While “descent” at common law is the title acquired by one by right of representation as heir-at-law upon whom an estate *6is east on the death of an ancestor, nevertheless, “descent” in its broadest sense signifies an inheritance cast upon anyone capable of receiving it, whether heir at common law or not, upon the death of an individual. And while the rule of the common law was that estates always descended and never ascended, the ascent of estates by virtue of our statutes has been so long the undisputed law as to clearly indicate, if anything be wanting for that purpose, that the legislature 'has the power to designate the persons upon whom real estate shall be devolved upon the death of others, whether those estates descend or ascend, and whether they shall go to those related by consanguinity or to strangers in blood, as for instance, making husband and wife heirs to their respective spouses — the very provision under review in the ease at bar.

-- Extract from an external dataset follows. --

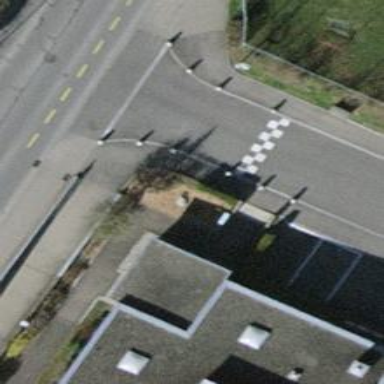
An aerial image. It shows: Concrete bollard.
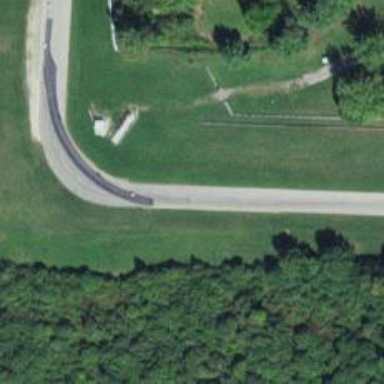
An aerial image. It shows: Raceway road.

In State v. Engle, 21 N. J. Law) 360, it was held that it is a well settled principle that if a statute makes use of a word the meaning of which is well known and which has a definite sense at common law, it shall be received in that sense, unless from some reason it clearly appears that it was intended to use the word in a different signification; that there was nothing in the statute under review to show that the legislature intended to use the words “heir” and “lawful heir” in any other than the legal sense, per Mr. Justice Carpenter; and (at p. 368) that the words “lawful heir” must be understood to mean an heir capable of inheritipg lands under the laws of New Jersey, unless from the whole scope of the act it is clearly manifest that it was not used in that sense by the legislature, per Mr. Justice Nevius. Here is an instance in which the supreme court seemed to take it for granted that the legislature could create heirs of persons who were not such at common law. It needs no citation of authority to show that the common law may be altered by statute. It would seem useless to pursue the subject further.

As section 6 of the act of 1915 devolved upon the surviving spouse a life estate in one-third of the lands of which a husband or wife died seized, such interest passed to the survivor by way of descent by act and operation of law; not the com*7mou law, it is true, but by statute. As the complainant’s interest was thus acquired while the sixth section of the act in question was in force, it became in him a vested estate (which is an interest clothed with a present legal and existing right of alienation, 40 Cyc. 198); and this estate was not, therefore, affected by the repeal of the section under review.

That an inheritance cast by statute upon a husband or wife is recognized as a “descent” appears from the second proviso of section 3 of the act of March 29th, 1917, supra (P. L. 1917 p. 846) — amending section 6 of the act of 1915 and restoring it to its original provisions — wherein it is provided, in a certain situation, that lands “shall descend and go to said husband or wife.”

The complainant is entitled to a decree for sale in accordance with the recommendation in that behalf contained in the master’s report.